Ratings and Overall Comments  1 (worst)- 5 (best):
4 stars
4 stars
Service and Attitude
5 stars
Environmental Sensitivity  
Dive Operation
5 stars  
Shore Diving  

Overall Rating

Value for $$
5 stars    
5 stars   
5 stars    
Boat recently refurbished.  Not a complete dry dock, but all mechanicals in
good shape and cosmetically nice as well.  Food decent to good.  Crew
always enthusiastic, always helpful, especially Kelly and Yuki. 

          Star Dancer follows a fairly rigid schedule.  First dive is at
6:30, and divers are asked to limit their dives to 60 minutes so that the
kitchen staff can keep on schedule in serving hot breakfasts.  Second dive
was at 9:00.  Third Dive was at 11:30.  Lunch was followed by a break until
3:30 when we would make our fourth dive.  Night dive was at 6:30 with
another request that divers limit themselves to 60 minutes so the kitchen
staff could serve dinner.  A couple of nights, dives were particularly
interesting and ran longer with no complaints.
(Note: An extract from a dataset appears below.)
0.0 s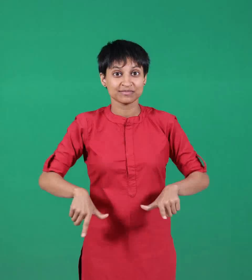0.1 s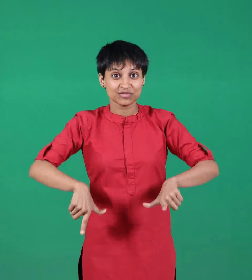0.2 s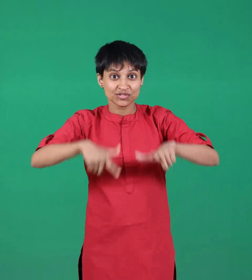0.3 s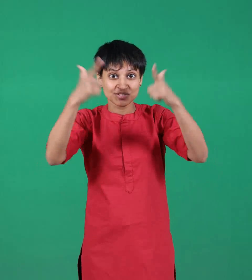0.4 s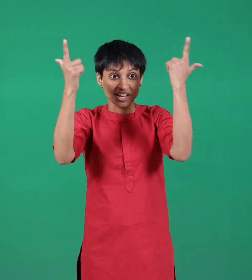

	Two dive guides were in the water on every dive.  Generally, either Kelly,
the New Zealand born cruise director, or Yuki, a Japanese born instructor
and videographer, would join either Joe or Martin, both PNG natives.  The
guiding was not exactly organized, and we would often lose the guides only
to find them later.  Sometimes, it was my sense that Kelly and Yuki didnt
necessarily know the sites that well.  But both had good eyes and were
always pointing out something interesting.  Martin and Joe both seemed to
gain in enthusiasm as a dive went on.  At the end of a given dive, they
could always be counted on to spot something worth seeing.  

	Our itinerary began in Kimbe Bay, then moved to Fathers Reef (a submerged
reef system well offshore, then to the Bainings Islands and finally on to
the Rabaul area.  Each had something a little different.  Kimbe Bay is lush
coral, huge seafans and barrel sponges.  Fish life is plentiful though not
overwhelming.  This is wide-angle, reef-scene paradise.  A few sites, like
Bradford Shoals, offered a good amount of action, with jacks, tuna and the
occasional shark feeding in the current.  We had dove this same site with
Walindi but had seen nowhere near as much action.  I ascribed it to timing.
 On Star Dancer, we were in the water at 6:30 watching the dawn feeding,
while with Walindis 1 ½ hour boat ride to the site, we didnt hit
the water until 9:30.  On the whole, we saw more fish with Star Dancer
while diving  many of the same sites we dove with Walindi.  

	After, Kimbe Bay came Fathers Reef.  Our first dive there was Killibobs
Knob, an exposed pinnacle patrolled by grey reef and white tip sharks.  The
dive was done as a feed, and the sharks didnt disappoint.  The white tips
were exceedingly bold bumping into divers as they rushed to the bait box. 
The grey reefs were more reticent, keeping a bit of distance.  Jacks and a
few tuna appeared together with what appeared to be wahoo.  After a while
we drifted away to the upper part of pinnacle which was covered with hard
corals, sponges and fans, though not as lush as Kimbe Bay sites. 
Killibobs set the pattern for the Fathers Reef dives, current, lots of
fish, and often big predators, tuna or sharks, hunting.  I think I saw more
tuna at Fathers than Ive seen in any five other dive trips.

	After three days at Fathers we moved on to the Bainings where we spent a
day.   There are only a couple of sites there, and none were particularly
memorable, though none were particularly disappointing either.  From there,
we traveled to the Rabaul area.  Rabaul was to be more of a macro area. 
The Atun was a tuna boat sunk a number of years before and somewhat
encrusted.  I didnt find the macro to be great, but on our second dive
there, I put my wide angle lens back on to capture some silhouettes. 
Porkys and Hoshus offered quite a few nudibranchs and crabs, etc., but
nothing on the level of Indonesia.  The best critter diving came on the
final dive day at Vunapope jetty in Rabaul.  The sands, discarded junk and
patch reefs around the jetty offered lots of nudibranchs, banded pipefish, 
snake eels, sea snakes, crabs, and even a pair of ornate ghost pipefish
hanging around a discarded tire at 50 fsw.  It wasnt Lembeh, but, all in
all, it was pretty good diving.\

   All in all, a great trip.  Highly recommended.